Zimbabweans fill up with petrol at the Botswana border. Guy Oliver/IRIN

In the latest blow to Zimbabwe's wounded economy, the Botswana government has banned the export of bulk fuel to the neighbouring country. Scanty parallel market supplies are quickly running dry and transport is grinding to a halt across Zimbabwe.

Botswana's authorities began turning back Zimbabwean fuel buyers last week at the border posts in Kasane, in the far northeast, and Maitengwe, about 130km north of Francistown, Botswana's second city, but the main Plumtree border post, about 100km southeast of Bulawayo, Zimbabwe, was still allowing single drums through.
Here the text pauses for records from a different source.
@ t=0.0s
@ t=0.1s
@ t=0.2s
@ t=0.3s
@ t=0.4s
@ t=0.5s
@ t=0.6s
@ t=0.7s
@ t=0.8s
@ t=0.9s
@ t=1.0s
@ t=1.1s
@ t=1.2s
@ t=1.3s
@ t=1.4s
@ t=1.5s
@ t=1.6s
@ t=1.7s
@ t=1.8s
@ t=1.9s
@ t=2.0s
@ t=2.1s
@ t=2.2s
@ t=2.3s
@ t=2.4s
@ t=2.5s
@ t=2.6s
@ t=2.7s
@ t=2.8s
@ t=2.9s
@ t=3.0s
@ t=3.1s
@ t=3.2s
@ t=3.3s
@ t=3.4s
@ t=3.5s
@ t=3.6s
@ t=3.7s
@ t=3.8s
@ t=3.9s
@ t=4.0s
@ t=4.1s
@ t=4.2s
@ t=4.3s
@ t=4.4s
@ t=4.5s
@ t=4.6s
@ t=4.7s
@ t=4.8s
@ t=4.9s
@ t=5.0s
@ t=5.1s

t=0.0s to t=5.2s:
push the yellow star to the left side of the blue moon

"The move by the Botswana authorities is surprising, and as it is [being implemented] right now, I only managed to bring in a single drum of fuel, which will only give me 200 litres of petrol [gasoline], Nhanhla Sibanda, a fuel dealer on the informal market, told IRIN. "My clients need far more than that." He said the decision by the Botswana government would heavily dent Zimbabwe's already crippled economy.
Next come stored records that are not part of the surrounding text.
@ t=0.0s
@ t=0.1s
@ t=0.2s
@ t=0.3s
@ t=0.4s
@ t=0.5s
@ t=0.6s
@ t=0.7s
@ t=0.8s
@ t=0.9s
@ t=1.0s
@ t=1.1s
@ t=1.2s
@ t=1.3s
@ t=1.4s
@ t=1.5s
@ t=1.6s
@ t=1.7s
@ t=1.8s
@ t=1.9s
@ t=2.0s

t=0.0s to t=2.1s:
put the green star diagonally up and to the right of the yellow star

Industry in Zimbabwe is estimated to have shrunk by more than 60 percent since 2000, unemployment tops 80 percent and inflation has reached a world record high of 160,000 percent and is still rising. Around 80 percent of the population lives on less that a dollar a day.

The move is part of a worldwide fuel problem and Botswana is looking after its own interests: record-breaking global oil prices, which climbed to just over US$122 per barrel on 6 May, and Botswana's currency, the Pula, falling against the dollar, have sent fuel prices in the country shooting up. The latest fuel price hike, on the back of increases in March, saw petrol prices rise by around seven percent in April.
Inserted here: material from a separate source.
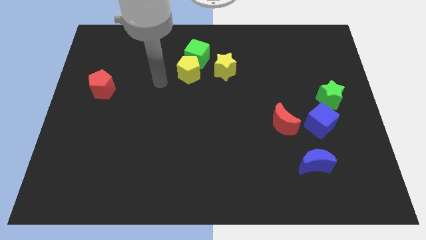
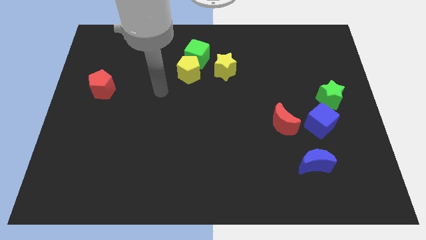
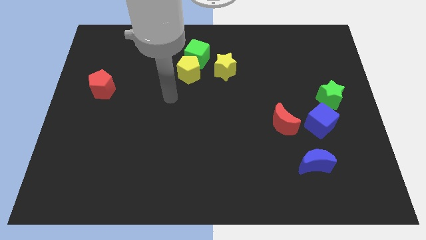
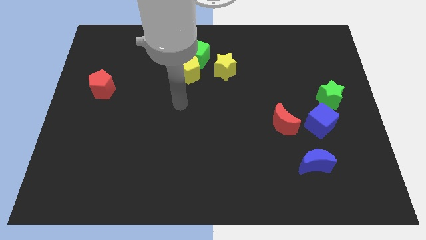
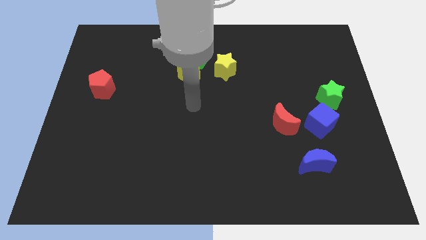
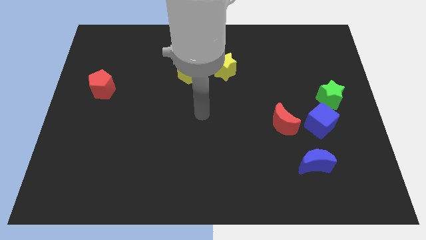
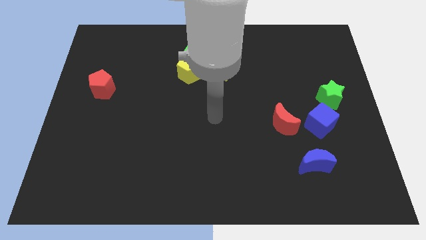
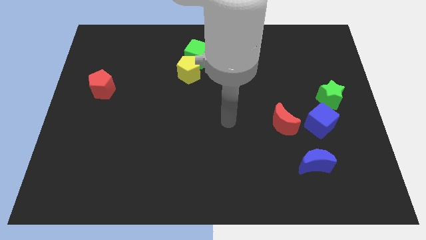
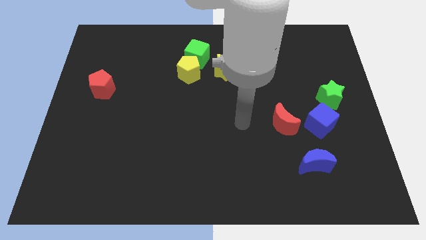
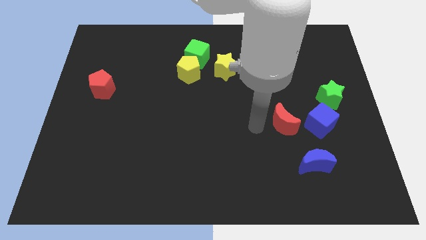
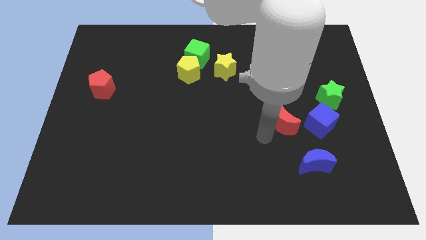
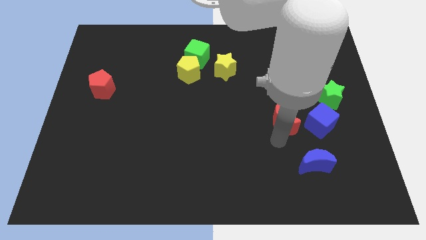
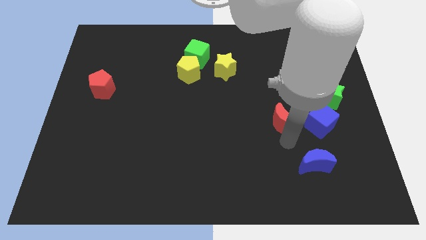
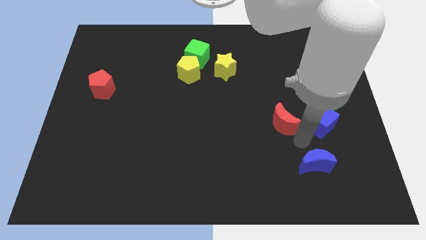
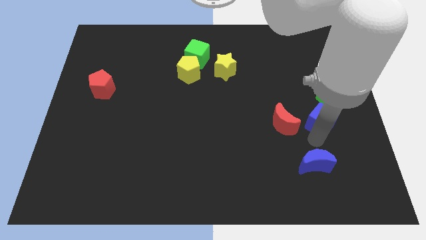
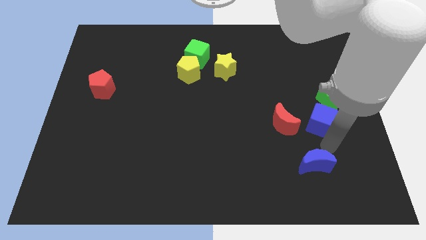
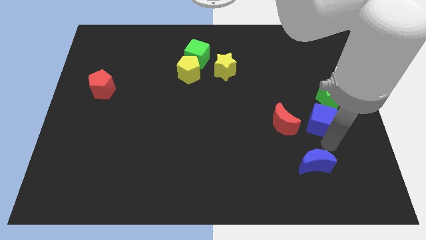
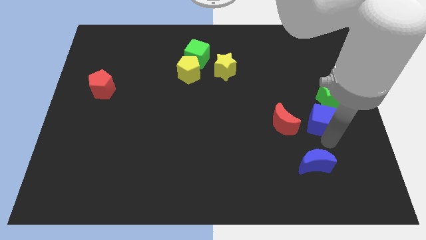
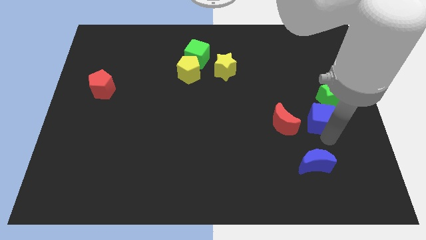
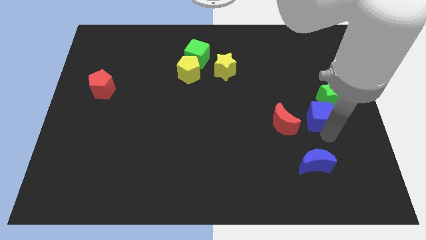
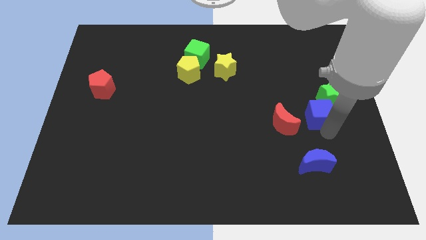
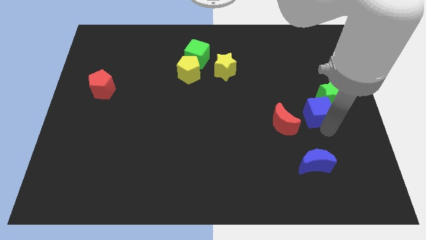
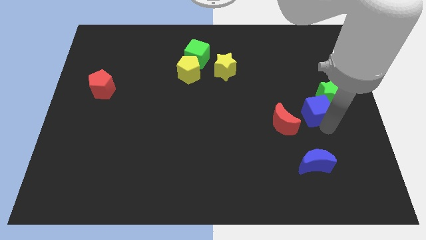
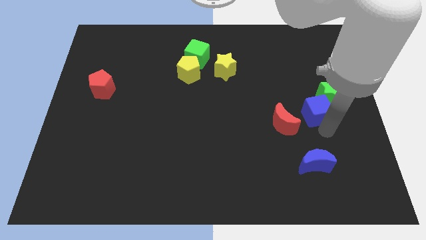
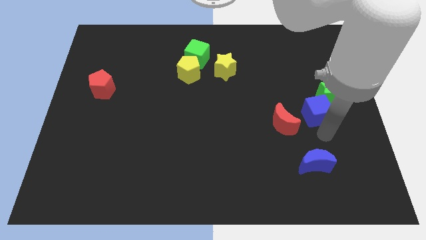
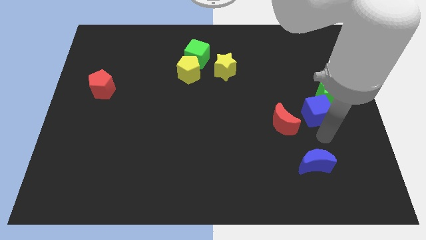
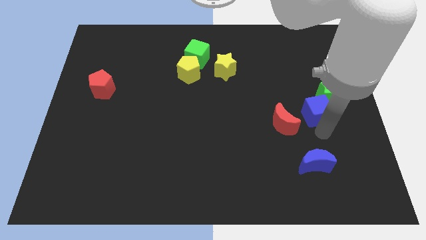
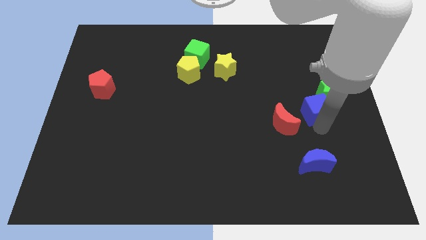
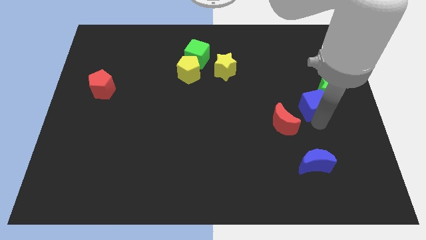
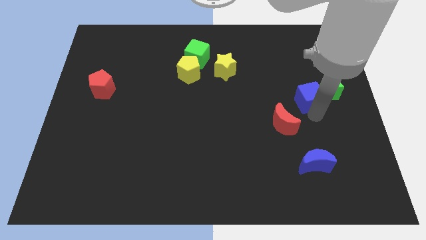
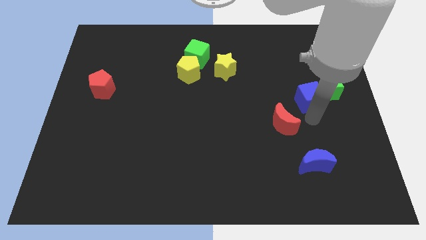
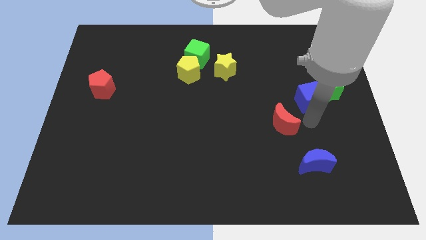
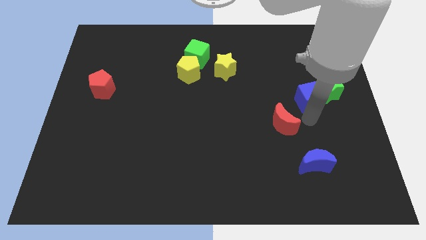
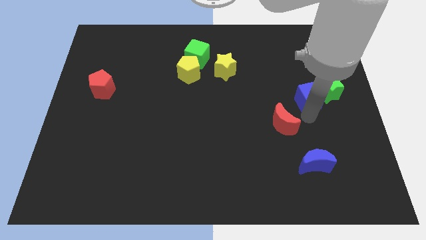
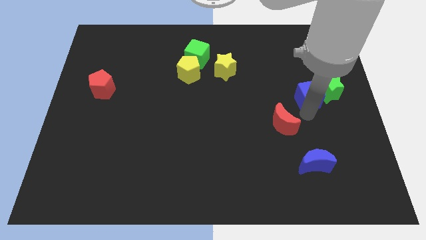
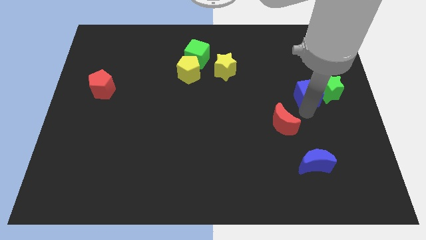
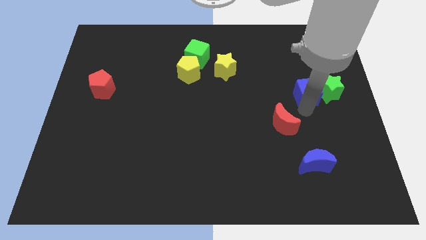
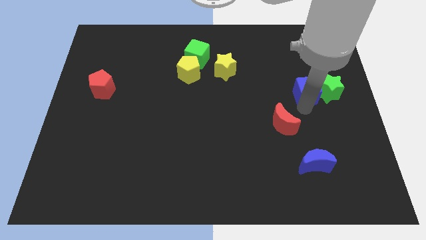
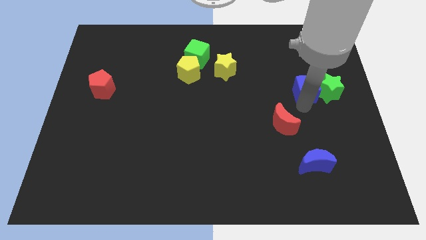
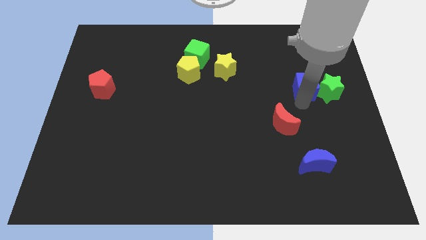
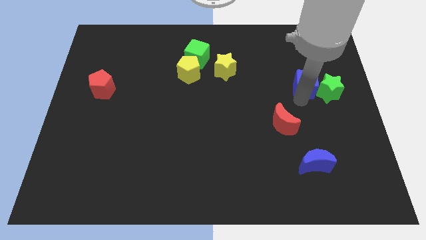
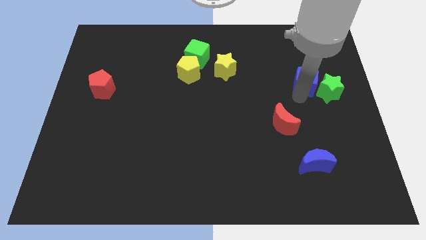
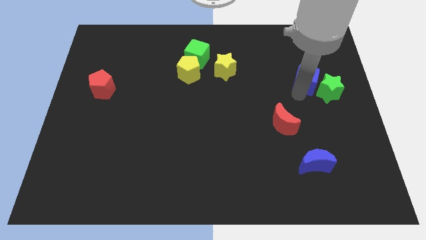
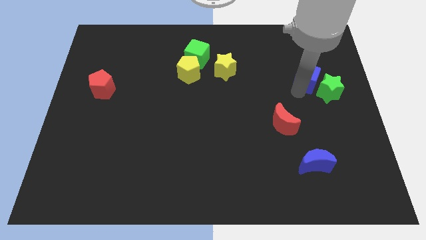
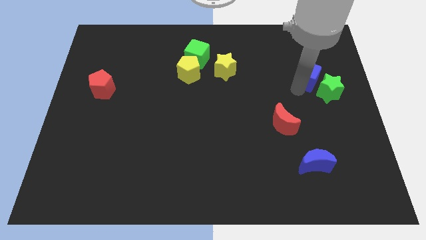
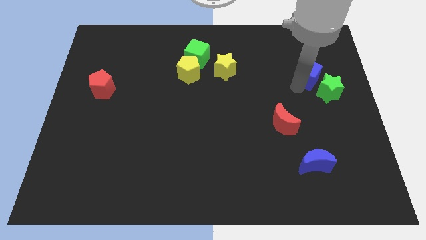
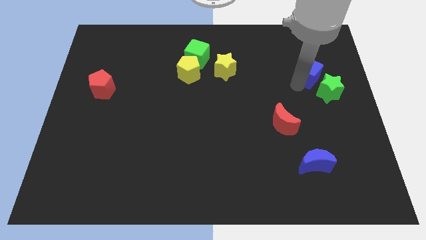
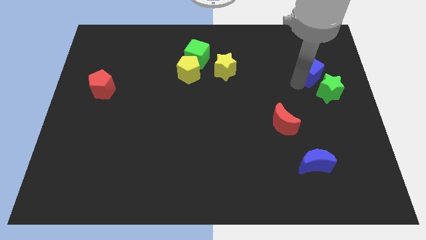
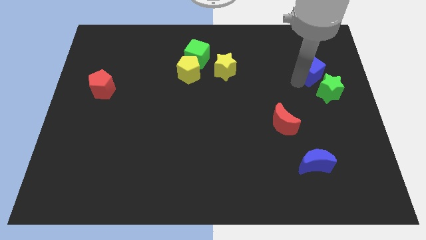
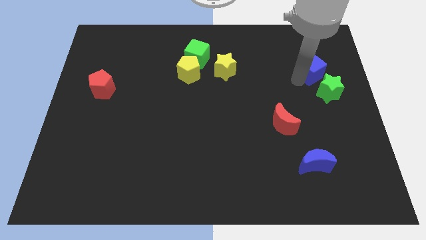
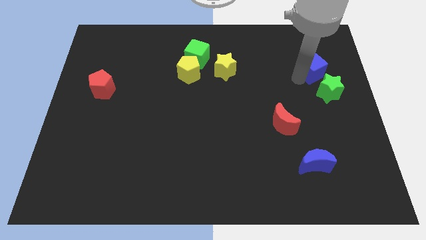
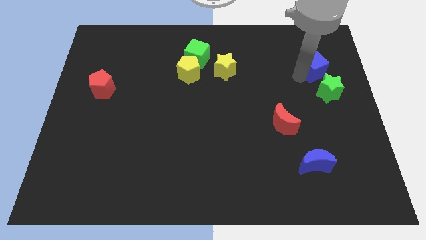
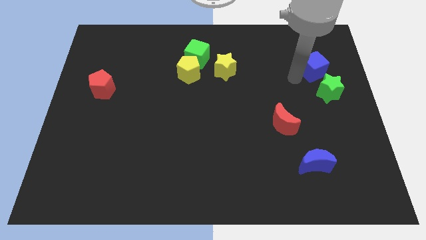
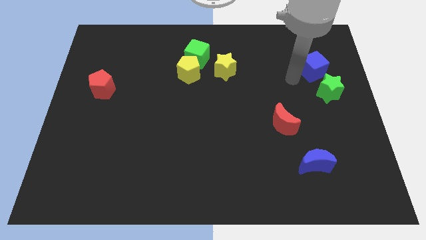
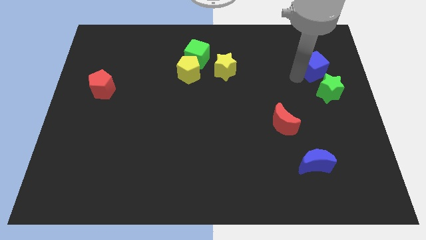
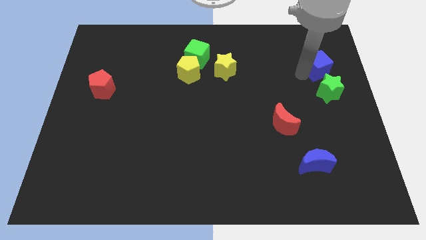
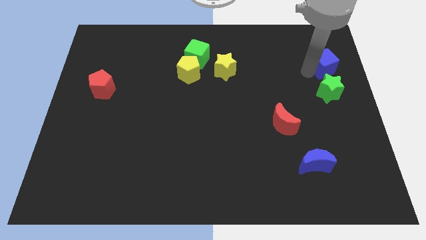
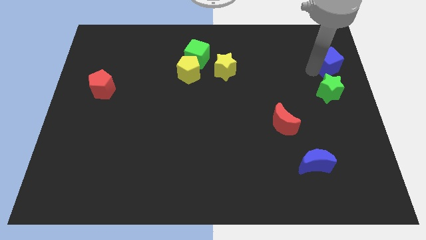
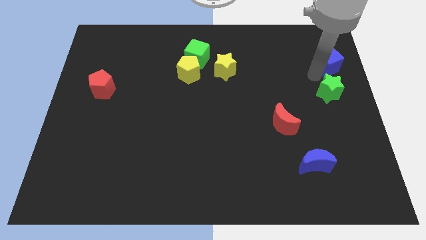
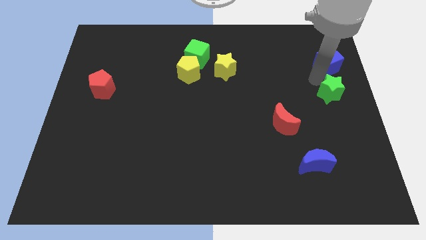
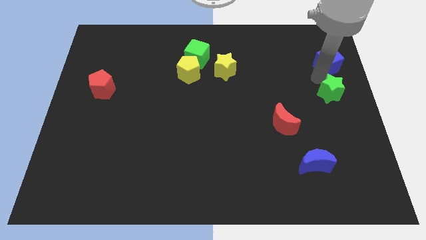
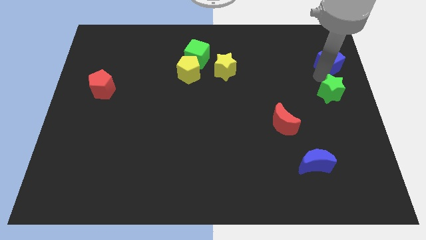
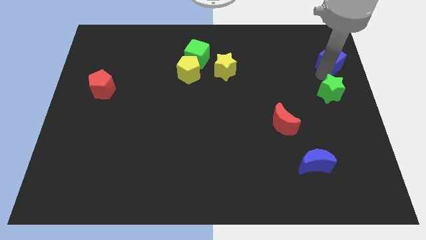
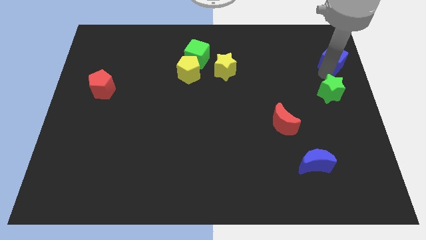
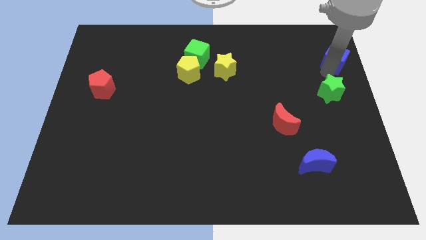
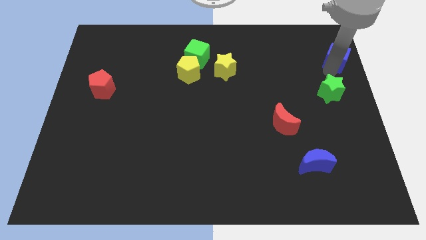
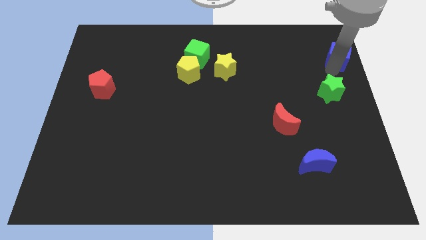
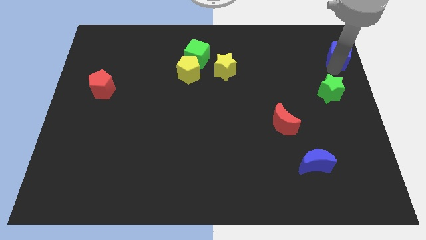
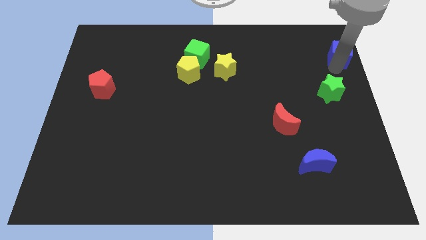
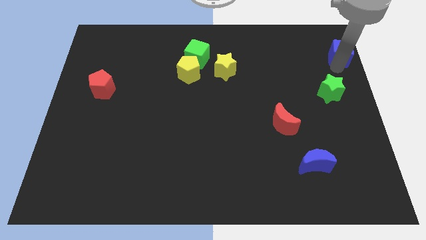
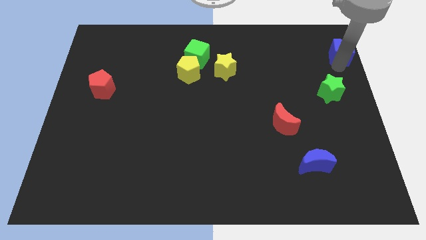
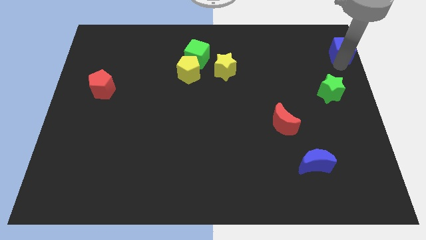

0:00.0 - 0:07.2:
put the blue cube to the top right corner

Before the ban, trucks laden with drums and large plastic containers of fuel used to be a permanent feature along the Bulawayo-Francistown highway, the main road linking Zimbabwe to Botswana.

The state-owned National Oil Company of Zimbabwe (NOCZIM), plagued by allegations of widespread corruption and mismanagement, has had its problems compounded by foreign currency shortages and rocketing inflation, leaving it unable to meet local demand since 2000.

Since then Zimbabwe has been forced to rely heavily on the entrepreneurial spirit of cross-border traders and their parallel imports from bordering countries like Botswana. This illegal but thriving parallel market has been the only source of fuel for most Zimbabweans.

"Botswana was driving this economy through fuel supplies and if they ban large fuel imports, cars will come to a standstill. NOCZIM is only supplying fuel to government ministers and those linked to the ruling party," Sibanda said.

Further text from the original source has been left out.